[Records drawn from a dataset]
***

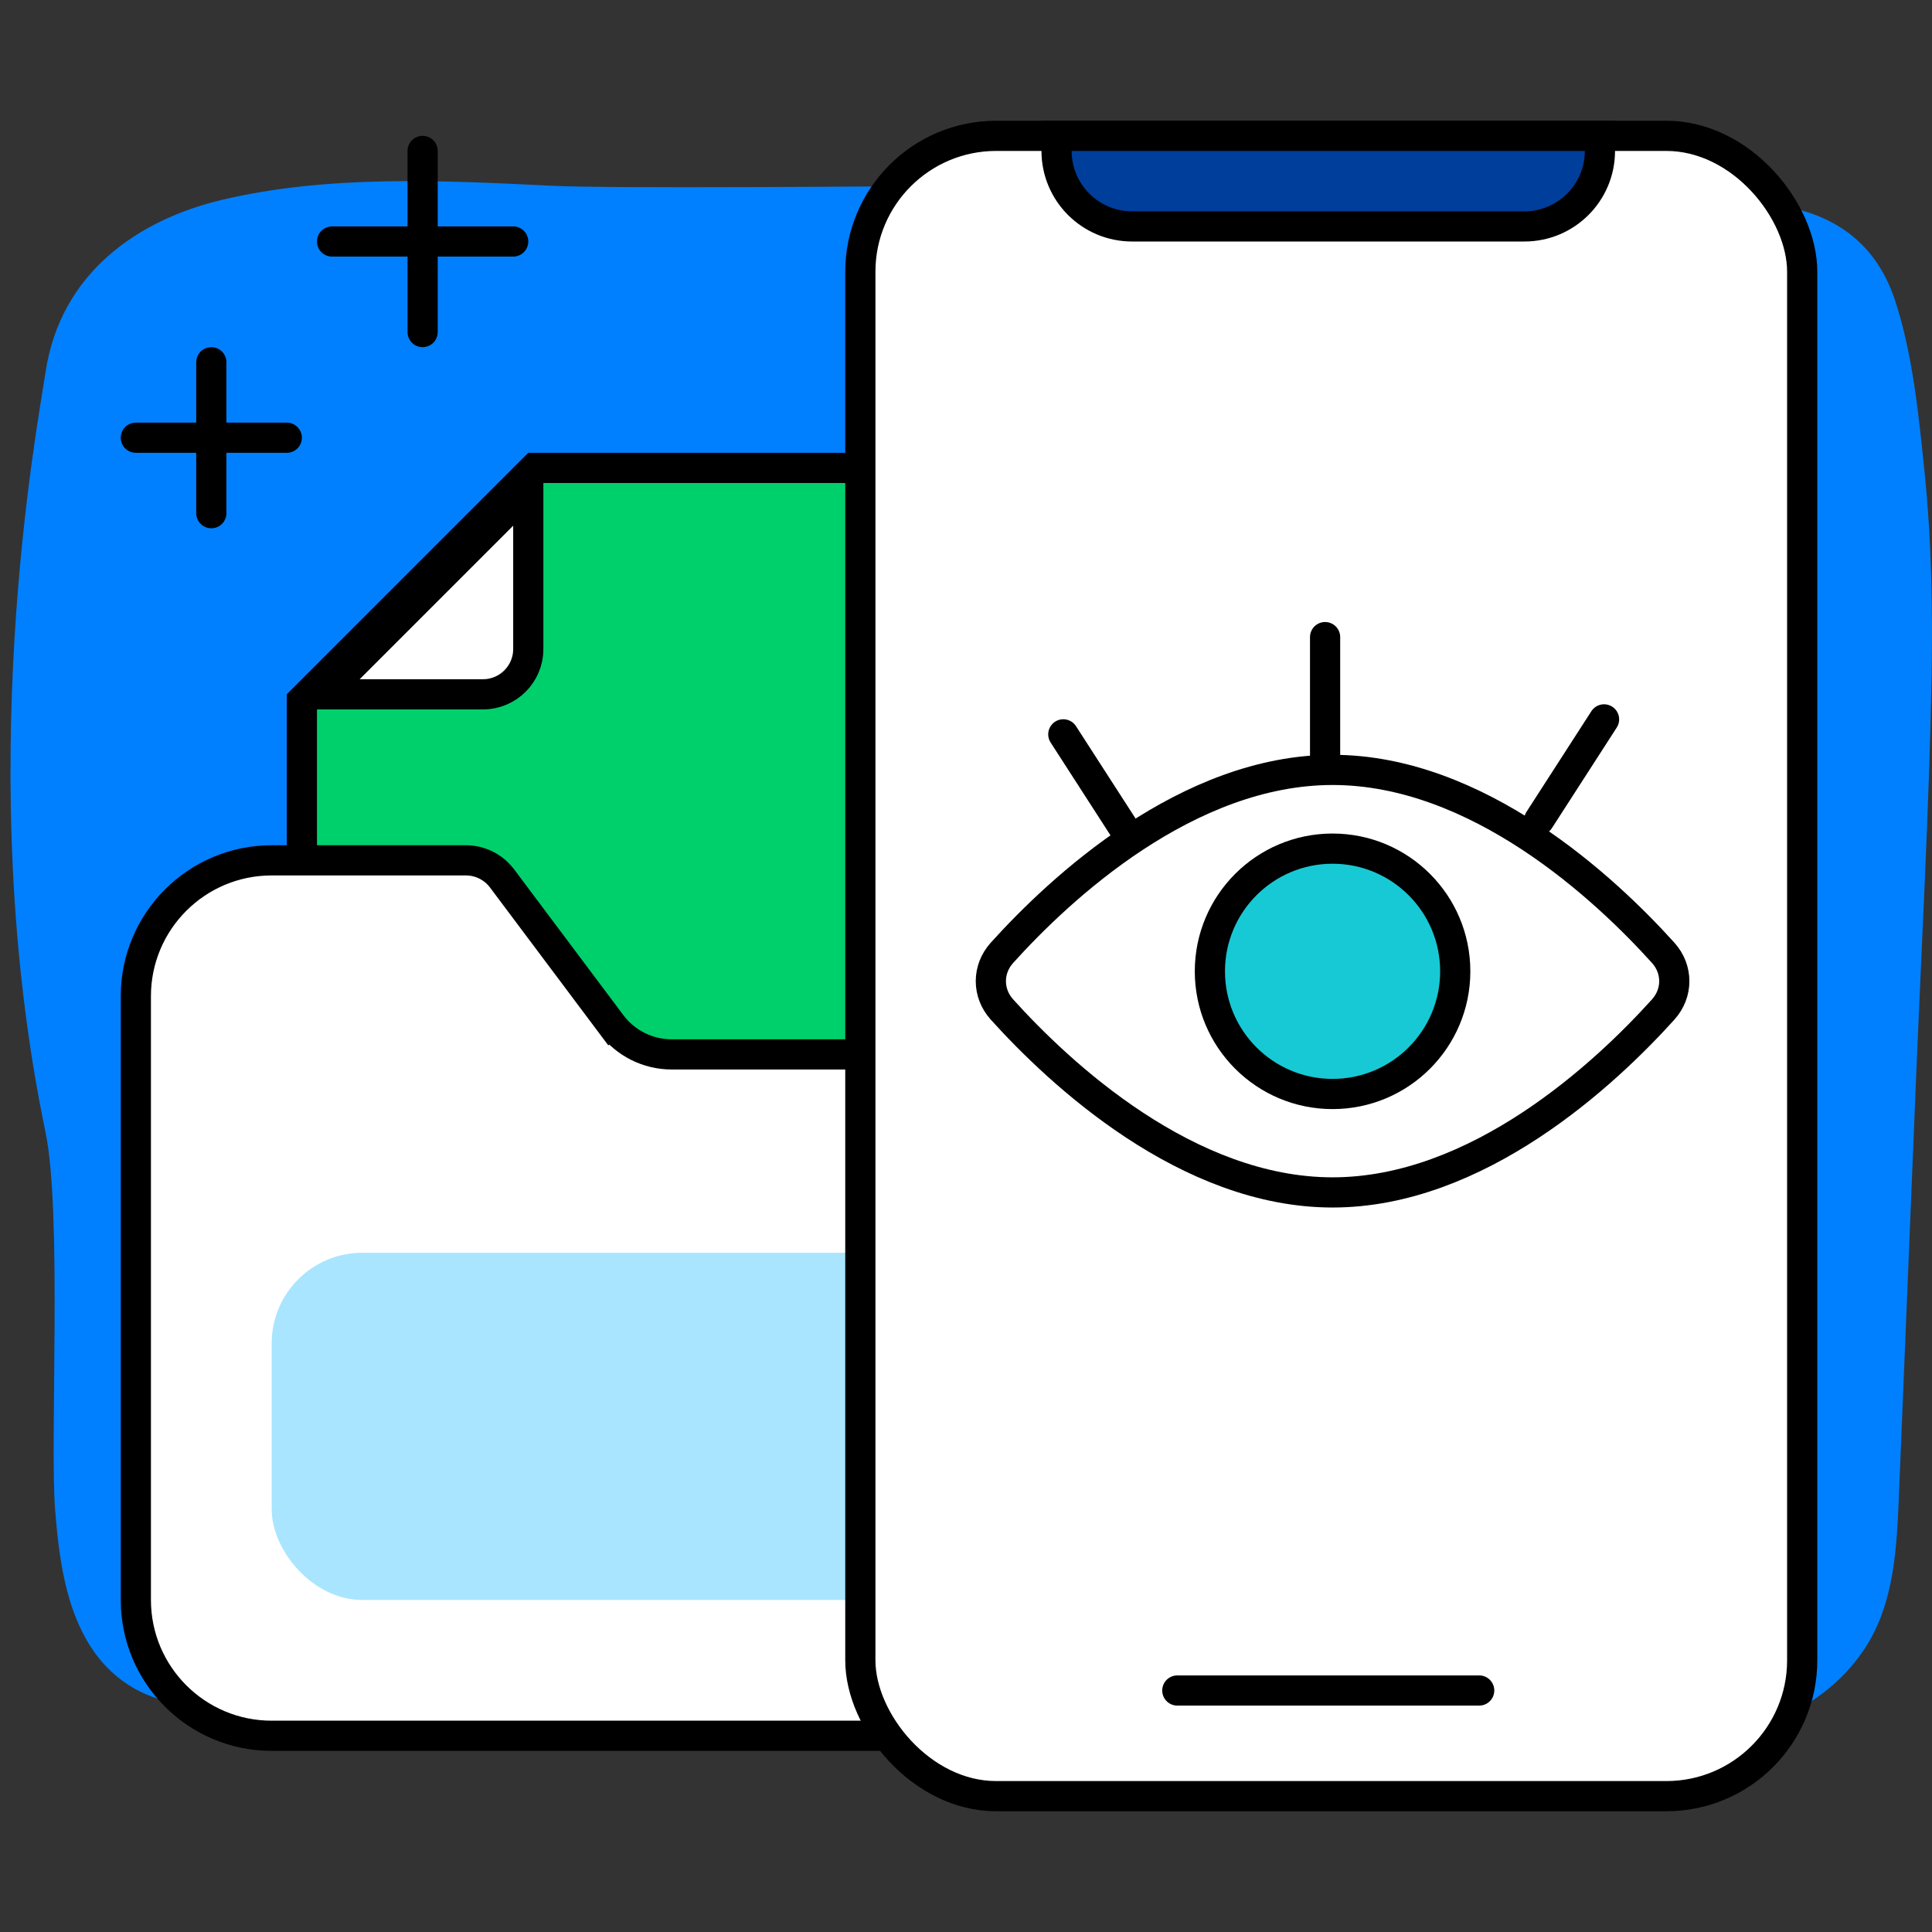 <svg width="128" height="128" viewBox="0 0 128 128" fill="none" xmlns="http://www.w3.org/2000/svg">
<rect x="0" y="0" width="128" height="128" fill="#333333" stroke="none"/>
<path d="M127.509 31.302C127.124 27.543 126.731 23.502 125.561 19.928C124.491 16.665 122.323 14.775 119.339 13.933C115.668 12.902 111.767 12.498 107.994 12.266C100.064 11.782 44.461 12.696 36.495 12.304C29.347 11.955 21.777 11.572 14.733 13.234C9.203 14.54 4.003 18.038 3.013 24.681C2.478 28.267 -1.923 51.322 3.013 75C4.128 80.351 3.293 95.568 3.654 100.059C3.904 103.162 4.328 106.467 5.988 109.068C7.885 112.032 10.886 113.13 14.065 112.996C17.788 112.84 25.124 113.527 29.498 112.996C48.003 110.748 51.999 115.798 68.998 116.5C78.417 116.889 85.978 110.975 93.94 112.23C97.931 112.857 101.891 113.674 105.872 114.377C109.335 114.987 112.934 115.399 116.373 114.385C119.1 113.581 121.688 111.926 123.417 109.409C125.561 106.29 125.668 102.442 125.825 98.679C126.193 89.691 126.561 80.699 126.933 71.711C127.301 62.724 127.808 53.727 127.975 44.736C128.048 40.261 127.964 35.765 127.509 31.302Z" fill="#0080FF"/>
<path d="M14 24V34" stroke="black" stroke-width="2" stroke-linecap="round" stroke-linejoin="round"/>
<path d="M9 29H19" stroke="black" stroke-width="2" stroke-linecap="round" stroke-linejoin="round"/>
<path d="M28 10V22" stroke="black" stroke-width="2" stroke-linecap="round" stroke-linejoin="round"/>
<path d="M22 16H34" stroke="black" stroke-width="2" stroke-linecap="round" stroke-linejoin="round"/>
<path d="M70 40C70 35.029 65.971 31 61 31H35.414L20 46.414V92C20 96.971 24.029 101 29 101H61C65.971 101 70 96.971 70 92V40Z" fill="#00D06C" stroke="black" stroke-width="2"/>
<path d="M35 43V32.414L21.414 46H32C33.657 46 35 44.657 35 43Z" fill="white" stroke="black" stroke-width="2"/>
<path d="M9 66C9 61.029 13.029 57 18 57H30.865C31.809 57 32.699 57.445 33.265 58.201L40.5 67.856L41.3 67.256L40.5 67.856C41.444 69.115 42.926 69.857 44.501 69.857H71C75.971 69.857 80 73.887 80 78.857V106C80 110.971 75.971 115 71 115H18C13.029 115 9 110.971 9 106V66Z" fill="white" stroke="black" stroke-width="2"/>
<rect x="18" y="83" width="52" height="23" rx="6" fill="#A9E5FF"/>
<rect x="57" y="9" width="62.4" height="110" rx="9" fill="white" stroke="black" stroke-width="2"/>
<path d="M110.191 63.127C111.172 64.216 111.172 65.793 110.191 66.882C108.294 68.985 105.222 72.031 101.401 74.546C97.575 77.064 93.069 79.001 88.287 79.001C83.504 79.001 78.998 77.064 75.172 74.546C71.351 72.031 68.279 68.985 66.382 66.882C65.401 65.793 65.401 64.216 66.382 63.127C68.279 61.024 71.351 57.977 75.172 55.463C78.998 52.946 83.504 51.008 88.287 51.008C93.069 51.008 97.575 52.946 101.401 55.463C105.222 57.977 108.294 61.024 110.191 63.127Z" fill="white" stroke="black" stroke-width="2"/>
<path d="M87.791 50.138V42.21" stroke="black" stroke-width="2" stroke-linecap="round" stroke-linejoin="round"/>
<path d="M101.977 54.324L106.273 47.661" stroke="black" stroke-width="2" stroke-linecap="round" stroke-linejoin="round"/>
<path d="M74.744 55.315L70.447 48.652" stroke="black" stroke-width="2" stroke-linecap="round" stroke-linejoin="round"/>
<circle cx="88.286" cy="64.352" r="8.128" fill="#17C9D4" stroke="black" stroke-width="2"/>
<path d="M78 112H98" stroke="black" stroke-width="2" stroke-linecap="round" stroke-linejoin="round"/>
<path d="M70 9H106V10C106 12.761 103.761 15 101 15H75C72.239 15 70 12.761 70 10V9Z" fill="#003E9B" stroke="black" stroke-width="2"/>
</svg>

***

Task to carry out | Set every entry down again exactly as written, and omit the images.

Answer area |
 <svg width="128" height="128" viewBox="0 0 128 128" fill="none" xmlns="http://www.w3.org/2000/svg">
<rect x="0" y="0" width="128" height="128" fill="#333333" stroke="none"/>
<path d="M127.509 31.302C127.124 27.543 126.731 23.502 125.561 19.928C124.491 16.665 122.323 14.775 119.339 13.933C115.668 12.902 111.767 12.498 107.994 12.266C100.064 11.782 44.461 12.696 36.495 12.304C29.347 11.955 21.777 11.572 14.733 13.234C9.203 14.54 4.003 18.038 3.013 24.681C2.478 28.267 -1.923 51.322 3.013 75C4.128 80.351 3.293 95.568 3.654 100.059C3.904 103.162 4.328 106.467 5.988 109.068C7.885 112.032 10.886 113.13 14.065 112.996C17.788 112.84 25.124 113.527 29.498 112.996C48.003 110.748 51.999 115.798 68.998 116.5C78.417 116.889 85.978 110.975 93.94 112.23C97.931 112.857 101.891 113.674 105.872 114.377C109.335 114.987 112.934 115.399 116.373 114.385C119.1 113.581 121.688 111.926 123.417 109.409C125.561 106.29 125.668 102.442 125.825 98.679C126.193 89.691 126.561 80.699 126.933 71.711C127.301 62.724 127.808 53.727 127.975 44.736C128.048 40.261 127.964 35.765 127.509 31.302Z" fill="#0080FF"/>
<path d="M14 24V34" stroke="black" stroke-width="2" stroke-linecap="round" stroke-linejoin="round"/>
<path d="M9 29H19" stroke="black" stroke-width="2" stroke-linecap="round" stroke-linejoin="round"/>
<path d="M28 10V22" stroke="black" stroke-width="2" stroke-linecap="round" stroke-linejoin="round"/>
<path d="M22 16H34" stroke="black" stroke-width="2" stroke-linecap="round" stroke-linejoin="round"/>
<path d="M70 40C70 35.029 65.971 31 61 31H35.414L20 46.414V92C20 96.971 24.029 101 29 101H61C65.971 101 70 96.971 70 92V40Z" fill="#00D06C" stroke="black" stroke-width="2"/>
<path d="M35 43V32.414L21.414 46H32C33.657 46 35 44.657 35 43Z" fill="white" stroke="black" stroke-width="2"/>
<path d="M9 66C9 61.029 13.029 57 18 57H30.865C31.809 57 32.699 57.445 33.265 58.201L40.5 67.856L41.3 67.256L40.5 67.856C41.444 69.115 42.926 69.857 44.501 69.857H71C75.971 69.857 80 73.887 80 78.857V106C80 110.971 75.971 115 71 115H18C13.029 115 9 110.971 9 106V66Z" fill="white" stroke="black" stroke-width="2"/>
<rect x="18" y="83" width="52" height="23" rx="6" fill="#A9E5FF"/>
<rect x="57" y="9" width="62.4" height="110" rx="9" fill="white" stroke="black" stroke-width="2"/>
<path d="M110.191 63.127C111.172 64.216 111.172 65.793 110.191 66.882C108.294 68.985 105.222 72.031 101.401 74.546C97.575 77.064 93.069 79.001 88.287 79.001C83.504 79.001 78.998 77.064 75.172 74.546C71.351 72.031 68.279 68.985 66.382 66.882C65.401 65.793 65.401 64.216 66.382 63.127C68.279 61.024 71.351 57.977 75.172 55.463C78.998 52.946 83.504 51.008 88.287 51.008C93.069 51.008 97.575 52.946 101.401 55.463C105.222 57.977 108.294 61.024 110.191 63.127Z" fill="white" stroke="black" stroke-width="2"/>
<path d="M87.791 50.138V42.21" stroke="black" stroke-width="2" stroke-linecap="round" stroke-linejoin="round"/>
<path d="M101.977 54.324L106.273 47.661" stroke="black" stroke-width="2" stroke-linecap="round" stroke-linejoin="round"/>
<path d="M74.744 55.315L70.447 48.652" stroke="black" stroke-width="2" stroke-linecap="round" stroke-linejoin="round"/>
<circle cx="88.286" cy="64.352" r="8.128" fill="#17C9D4" stroke="black" stroke-width="2"/>
<path d="M78 112H98" stroke="black" stroke-width="2" stroke-linecap="round" stroke-linejoin="round"/>
<path d="M70 9H106V10C106 12.761 103.761 15 101 15H75C72.239 15 70 12.761 70 10V9Z" fill="#003E9B" stroke="black" stroke-width="2"/>
</svg>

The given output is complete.